Stored entries
• • • • •
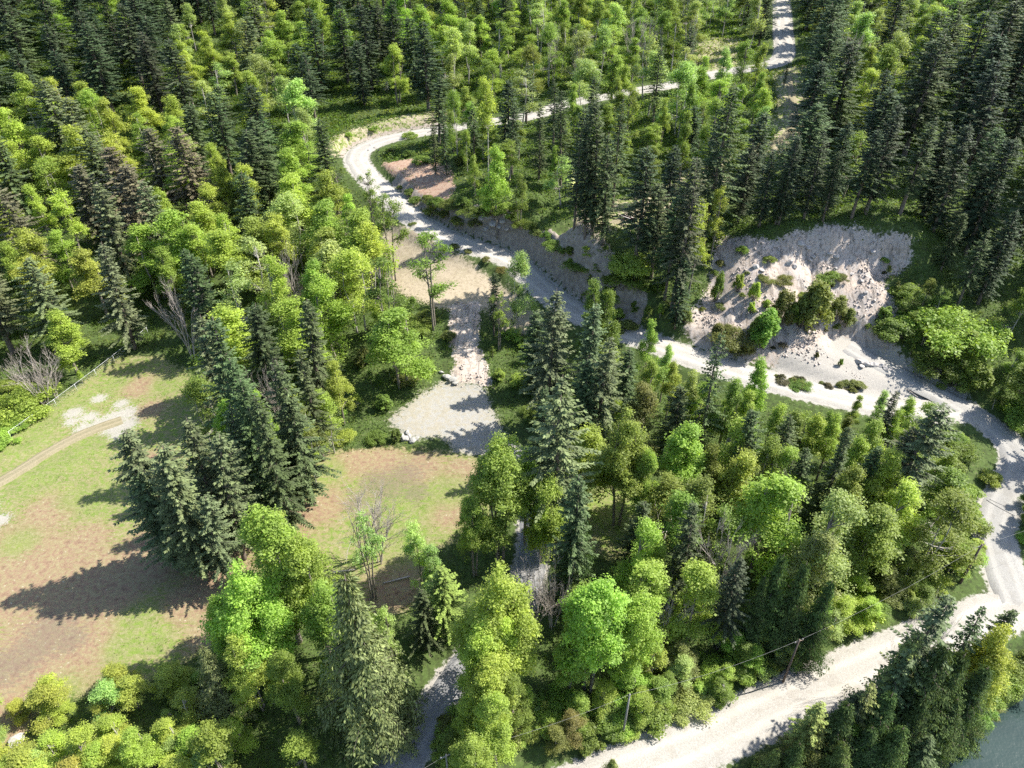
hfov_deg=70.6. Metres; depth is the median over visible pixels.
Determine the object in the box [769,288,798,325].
young willow
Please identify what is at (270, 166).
fir tree
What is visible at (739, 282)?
young willow
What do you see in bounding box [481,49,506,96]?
maple tree
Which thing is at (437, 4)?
fir tree
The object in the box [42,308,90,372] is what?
maple tree
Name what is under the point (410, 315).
shrub
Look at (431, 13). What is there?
maple tree
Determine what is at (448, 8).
maple tree
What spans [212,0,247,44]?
alder tree
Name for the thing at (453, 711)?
shrub
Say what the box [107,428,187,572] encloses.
fir tree
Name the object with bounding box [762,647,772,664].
shrub
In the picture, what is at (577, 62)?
alder tree
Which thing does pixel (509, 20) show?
maple tree
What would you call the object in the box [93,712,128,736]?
shrub
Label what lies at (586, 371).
fir tree
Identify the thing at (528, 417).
shrub
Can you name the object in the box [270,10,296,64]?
maple tree
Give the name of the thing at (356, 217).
maple tree
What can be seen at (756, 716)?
riverside gravel road
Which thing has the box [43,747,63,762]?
shrub
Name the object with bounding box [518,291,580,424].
fir tree
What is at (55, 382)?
bare tree
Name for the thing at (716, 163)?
fir tree
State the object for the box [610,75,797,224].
old dirt track
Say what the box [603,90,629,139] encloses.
maple tree
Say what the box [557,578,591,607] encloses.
alder tree
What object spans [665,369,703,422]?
maple tree
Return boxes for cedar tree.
[194,645,258,730]
[310,571,430,767]
[335,641,424,766]
[543,495,597,612]
[600,758,620,767]
[736,575,769,656]
[740,553,787,659]
[744,748,783,767]
[762,560,811,670]
[776,739,806,767]
[778,718,828,767]
[784,580,835,676]
[791,700,858,767]
[807,741,852,767]
[844,641,956,767]
[848,724,884,767]
[851,690,898,767]
[861,725,910,767]
[889,695,930,767]
[923,651,970,755]
[926,696,965,767]
[948,663,993,760]
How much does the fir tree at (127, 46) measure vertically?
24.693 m
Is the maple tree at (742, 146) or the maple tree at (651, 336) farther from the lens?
the maple tree at (742, 146)
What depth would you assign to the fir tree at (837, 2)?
202.95 m
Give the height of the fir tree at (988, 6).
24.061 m
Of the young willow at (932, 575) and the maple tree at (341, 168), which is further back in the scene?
the maple tree at (341, 168)
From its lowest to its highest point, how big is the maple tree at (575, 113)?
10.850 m
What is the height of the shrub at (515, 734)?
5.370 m
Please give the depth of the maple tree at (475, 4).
260.81 m
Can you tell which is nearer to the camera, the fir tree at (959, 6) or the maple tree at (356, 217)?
• • • • •
▶ [Assignment] Every entry must be retyped exactly, with the pictures removed.

▶ [Response to this exercise]
hfov_deg=70.6. Metres; depth is the median over visible pixels.
Determine the object in the box [769,288,798,325].
young willow
Please identify what is at (270, 166).
fir tree
What is visible at (739, 282)?
young willow
What do you see in bounding box [481,49,506,96]?
maple tree
Which thing is at (437, 4)?
fir tree
The object in the box [42,308,90,372] is what?
maple tree
Name what is under the point (410, 315).
shrub
Look at (431, 13). What is there?
maple tree
Determine what is at (448, 8).
maple tree
What spans [212,0,247,44]?
alder tree
Name for the thing at (453, 711)?
shrub
Say what the box [107,428,187,572] encloses.
fir tree
Name the object with bounding box [762,647,772,664].
shrub
In the picture, what is at (577, 62)?
alder tree
Which thing does pixel (509, 20) show?
maple tree
What would you call the object in the box [93,712,128,736]?
shrub
Label what lies at (586, 371).
fir tree
Identify the thing at (528, 417).
shrub
Can you name the object in the box [270,10,296,64]?
maple tree
Give the name of the thing at (356, 217).
maple tree
What can be seen at (756, 716)?
riverside gravel road
Which thing has the box [43,747,63,762]?
shrub
Name the object with bounding box [518,291,580,424].
fir tree
What is at (55, 382)?
bare tree
Name for the thing at (716, 163)?
fir tree
State the object for the box [610,75,797,224].
old dirt track
Say what the box [603,90,629,139] encloses.
maple tree
Say what the box [557,578,591,607] encloses.
alder tree
What object spans [665,369,703,422]?
maple tree
Return boxes for cedar tree.
[194,645,258,730]
[310,571,430,767]
[335,641,424,766]
[543,495,597,612]
[600,758,620,767]
[736,575,769,656]
[740,553,787,659]
[744,748,783,767]
[762,560,811,670]
[776,739,806,767]
[778,718,828,767]
[784,580,835,676]
[791,700,858,767]
[807,741,852,767]
[844,641,956,767]
[848,724,884,767]
[851,690,898,767]
[861,725,910,767]
[889,695,930,767]
[923,651,970,755]
[926,696,965,767]
[948,663,993,760]
How much does the fir tree at (127, 46) measure vertically?
24.693 m
Is the maple tree at (742, 146) or the maple tree at (651, 336) farther from the lens?
the maple tree at (742, 146)
What depth would you assign to the fir tree at (837, 2)?
202.95 m
Give the height of the fir tree at (988, 6).
24.061 m
Of the young willow at (932, 575) and the maple tree at (341, 168), which is further back in the scene?
the maple tree at (341, 168)
From its lowest to its highest point, how big is the maple tree at (575, 113)?
10.850 m
What is the height of the shrub at (515, 734)?
5.370 m
Please give the depth of the maple tree at (475, 4).
260.81 m
Can you tell which is nearer to the camera, the fir tree at (959, 6) or the maple tree at (356, 217)?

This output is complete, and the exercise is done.